The trademark Charmatz raw physicality is there in spasms, amid lengthy periods of stillness and heavy breathing, but the poses are confrontational in their exposing angles and the hurling of limbs consistently punishing and painful. The top tier is too high and sharply lit to be clearly visible often, further heightening the contrasts between visibility and isolation.
Charmatz clearly has something to say and in keeping with much of the dance on the Festival this year, delivers most of his message with aspects of the performance other than the dancers' movements. In the end, the audience may be almost as bruised mentally as the dancers' bodies Don Morris
INTERNATIONAL FESTIVAL Schumann: The Symphonies 1 Scottish Chamber Orchestra Run ended
HHH
IF anything was to be gleaned from the first of two evenings solely devoted to the orchestral outpourings of Robert Schumann, it was how the conflict within this troubled man surfaced in his music.
The highlight came with the performance of his Fourth Symphony, which conductor Sir Charles Mackerras chose to play in its original version (Schumann had withdrawn the original and re-orchestrated it after its first performance went badly. The symphony was not published until 10 years later). The thematic development - Schumann's great strength - was fluid and the movements linked beautifully to created a unified whole. But the orchestration was markedly conservative and while it was interesting to hear how the symphony must have sounded before its reworking, it was easy to see why it had originally been so coolly received.

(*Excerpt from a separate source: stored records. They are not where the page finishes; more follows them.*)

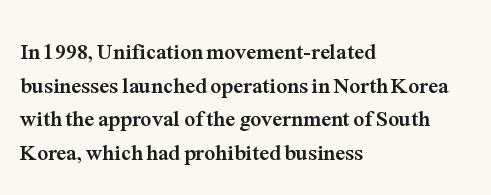
{"italic": "no", "bold": "yes", "underline": "no", "align": "left", "line_spacing": "normal", "line_spacing_ratio": 1.53, "letter_spacing": "normal", "letter_spacing_em": 0.0, "glyph_px": 22}
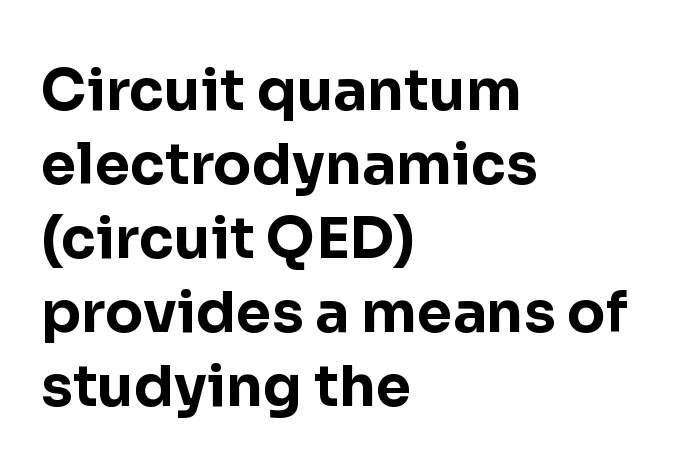
The image shows 57 px bold sans-serif type, upright; set left-aligned, normal line spacing (1.3x), normal letter spacing, not underlined; low stroke contrast and a medium x-height.
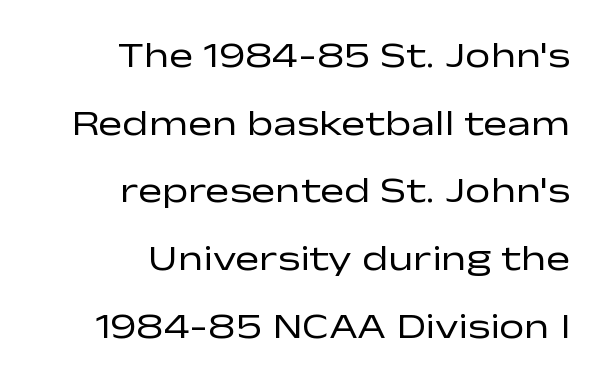
{"serif": "no", "italic": "no", "bold": "no", "weight": "regular", "width": "wide", "stroke_contrast": "low", "x_height": "medium", "monospaced": "no", "underline": "no", "align": "right", "line_spacing_ratio": 1.88, "letter_spacing": "normal", "letter_spacing_em": 0.0, "glyph_px": 36}
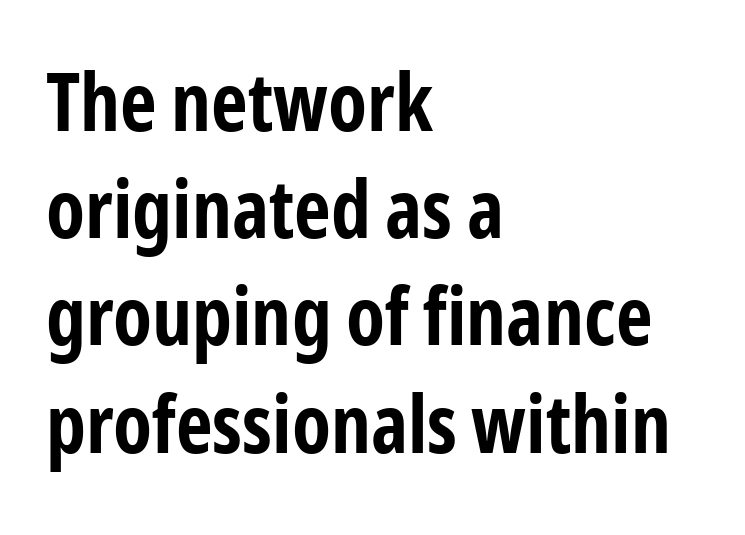
Q: Is the text bold? A: Yes.
Q: Is the text italic (slanted)? A: No, it is upright.
Q: Is the typeface a serif or a sans-serif typeface? A: Sans-serif.
Q: Is the text underlined? A: No.
Q: How is the paragraph aligned? A: Left-aligned.
Q: Is the spacing between letters normal or unusually wide? A: Normal.
Q: Is the spacing between lines tight, normal or loose? A: Normal.
Q: Width (condensed, normal, or wide)? A: Condensed.
Q: Stroke contrast? A: Low.
Q: x-height? A: Medium.
Q: Monospaced? A: No.
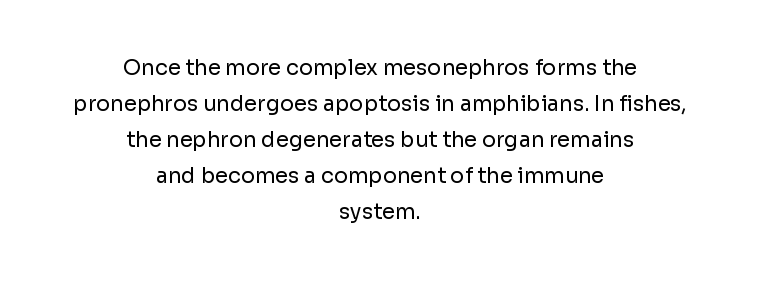
These lines are centered, leaving both edges ragged. The strokes carry an ordinary text weight at most. The passage shown has conventional tracking throughout. A clean baseline with only descenders dipping below it. The specimen reads as upright at a glance.
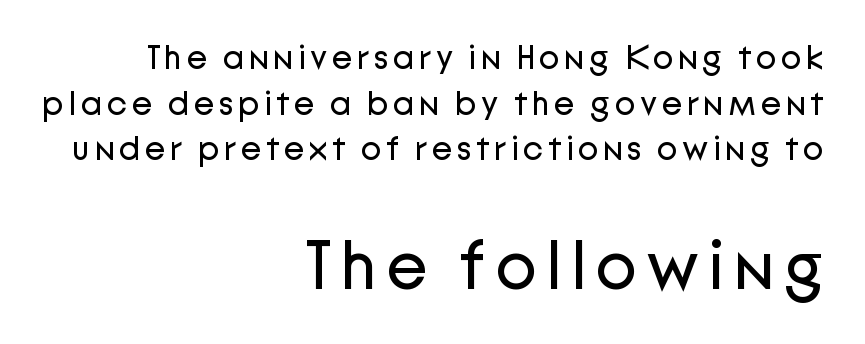
Tall strokes in this sample are plumb rather than angled. Counters stay open thanks to moderate or lighter strokes. Two sizes are in play, and the larger belongs to the second block. Clear beneath every line of the passage. Looks like regular typesetting: each glyph gets only the width it needs.
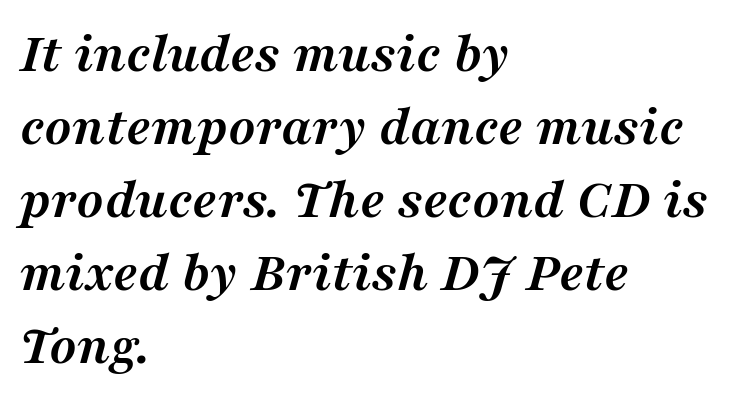
{"serif": "yes", "italic": "yes", "lean": "right", "slant_degrees": 16, "bold": "yes", "weight": "semibold", "width": "normal", "stroke_contrast": "medium", "x_height": "medium", "monospaced": "no", "underline": "no", "align": "left", "line_spacing": "normal", "line_spacing_ratio": 1.28, "letter_spacing": "normal", "letter_spacing_em": 0.0, "glyph_px": 57}
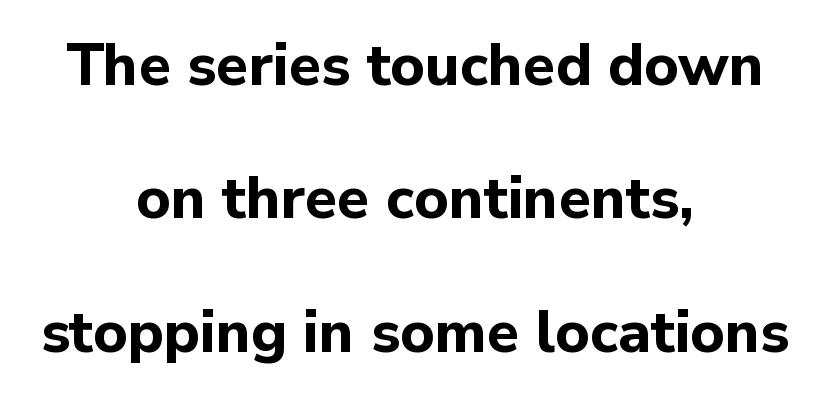
{"serif": "no", "italic": "no", "bold": "yes", "weight": "bold", "width": "normal", "stroke_contrast": "low", "x_height": "medium", "monospaced": "no", "underline": "no", "align": "center", "line_spacing": "loose", "line_spacing_ratio": 2.26, "letter_spacing": "normal", "letter_spacing_em": 0.0, "glyph_px": 59}
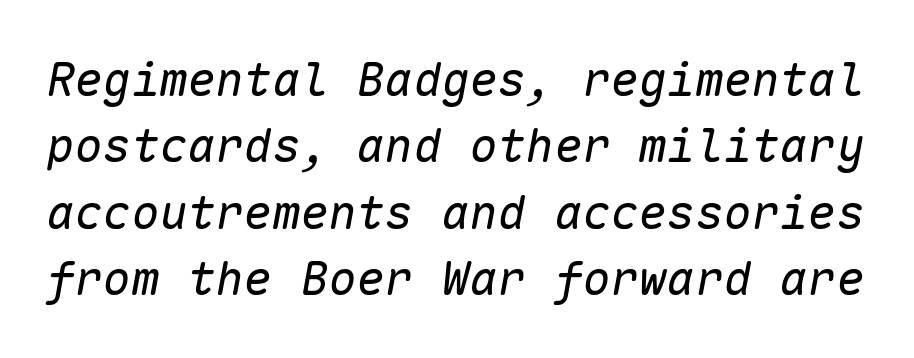
Q: Is the text bold? A: No.
Q: Is the text italic (slanted)? A: Yes, it leans right by about 10 degrees.
Q: Is the text underlined? A: No.
Q: Is the spacing between letters normal or unusually wide? A: Normal.
Q: Is the spacing between lines tight, normal or loose? A: Normal.
Q: Width (condensed, normal, or wide)? A: Normal.
Q: Stroke contrast? A: Low.
Q: x-height? A: Medium.
Q: Monospaced? A: Yes.
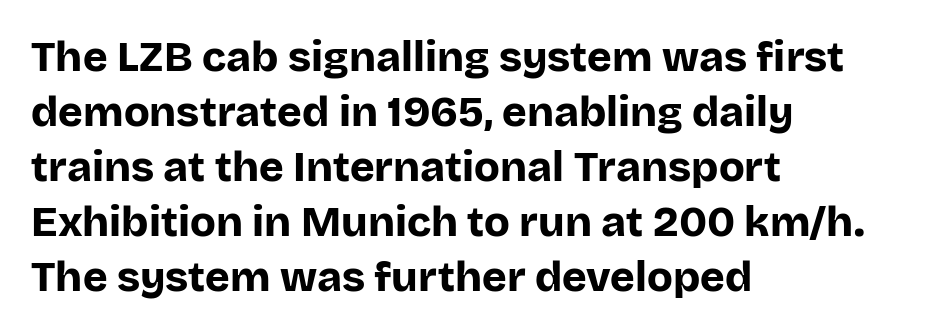
Type style note: lacks serifs. The face used here has the dense, thick strokes of a bold. Rendered with straight, roman letterforms. The line texture is even and compact thanks to regular tracking. The letters advance in unequal steps, a hallmark of proportional type.
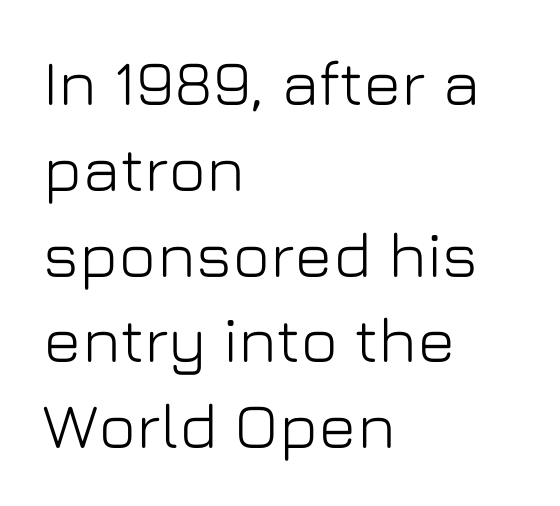
Q: Is the text italic (slanted)? A: No, it is upright.
Q: Is the typeface a serif or a sans-serif typeface? A: Sans-serif.
Q: Is the text underlined? A: No.
Q: How is the paragraph aligned? A: Left-aligned.
Q: Is the spacing between letters normal or unusually wide? A: Normal.
Q: Is the spacing between lines tight, normal or loose? A: Normal.
Q: Width (condensed, normal, or wide)? A: Normal.
Q: Stroke contrast? A: Low.
Q: x-height? A: Medium.
Q: Monospaced? A: No.
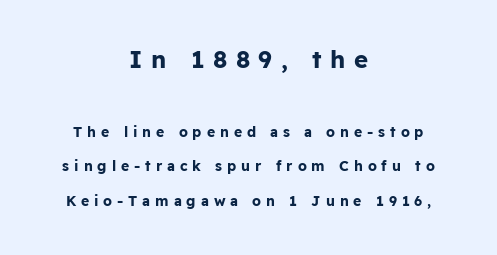
The image shows 24 px bold type, upright; set centered, loose line spacing (2.48x), unusually wide letter spacing (+0.35 em), not underlined; the first (top) block is 1.71x larger.
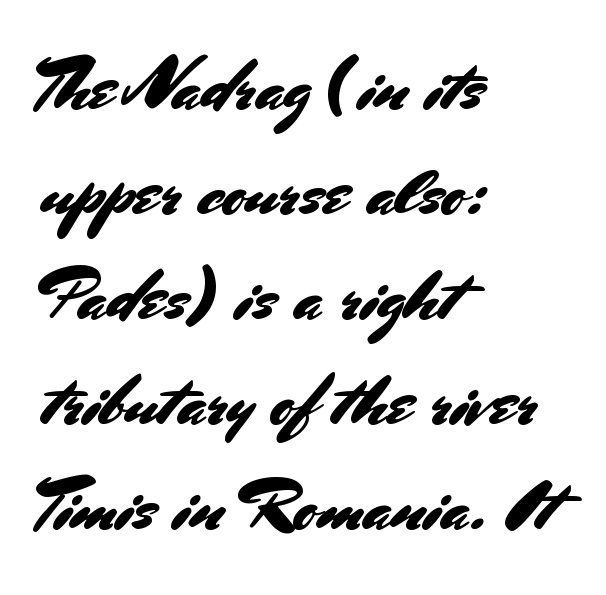
{"serif": "no", "width": "normal", "stroke_contrast": "medium", "x_height": "small", "monospaced": "no", "underline": "no", "align": "left", "line_spacing": "normal", "line_spacing_ratio": 1.46, "letter_spacing": "normal", "letter_spacing_em": 0.0, "glyph_px": 72}
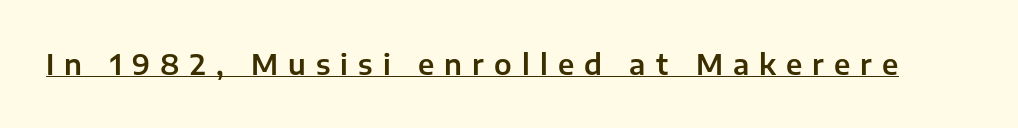
{"serif": "no", "italic": "no", "width": "normal", "stroke_contrast": "low", "x_height": "medium", "monospaced": "no", "underline": "yes", "letter_spacing": "wide", "letter_spacing_em": 0.36, "glyph_px": 28}
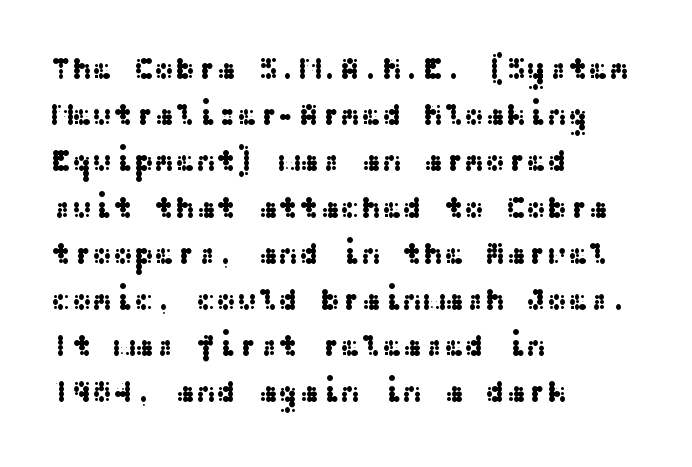
The letterforms sit shoulder to shoulder at normal distance. Serifs: no, the terminals of the letterforms are clean. Plain, unruled lines of type. Quick note: not italic, upright. In CSS terms this would be text-align: left.

By contrast, violinist Christian Tetzlaff played the D minor Violin Concerto with aplomb. It was obvious through the music that Schumann was suffering dreadful mental torment at the time. While the orchestration in parts was bleak and bare, the soloist enjoyed some wonderfully moving melodies which really enriched the violin.
It was this ability to write great melodies for individual instruments and smaller ensembles which brought the best out of Schumann. That was not the case with these orchestral works - but they were worth hearing nonetheless.
Philip Gates Festival Fringe The Man Who Committed Thought Patrice Naiambana Assembly Halls until August 30
HHH Patrice Naiambana's one man play about post-colonial Africa is no off-the-peg diatribe against imperialism. None of the characters he plays in this exploration of the dark side of the dark continent is white. It is a complex and mature examination of how the black man has himself conspired to plunge post-colonial Africa into anarchy.
Naiambana plays four archetypal figures from contemporary African society.
There is the poor peasant farmer, scraping a living from his land; the westernised lawyer who evicts him from it; the African dictator who wants the land in the name of progress; and the brutal warlord - shades of Rawanda - who finally kills him for it. The message is that although all power comes from the barrel of a gun, it is not just the man who pulls the trigger who is guilty.
This is a serious and thoughtful production, but far from humourless. The dictator, President Junta, a self-styled "humanitarian dictator" who phones up Tony Blair to discuss modernisation, is a fine comic creation. But all the parts are convincing, from the desperate farmer with his nave faith in Biblical morality to the lawyer with Trevor MacDonald elocution.
Optimistic, it is not. Naiambana offers no easy answers to Africa's desperate predicament. But this is a powerful piece performed by a versatile actor who clearly lives his art.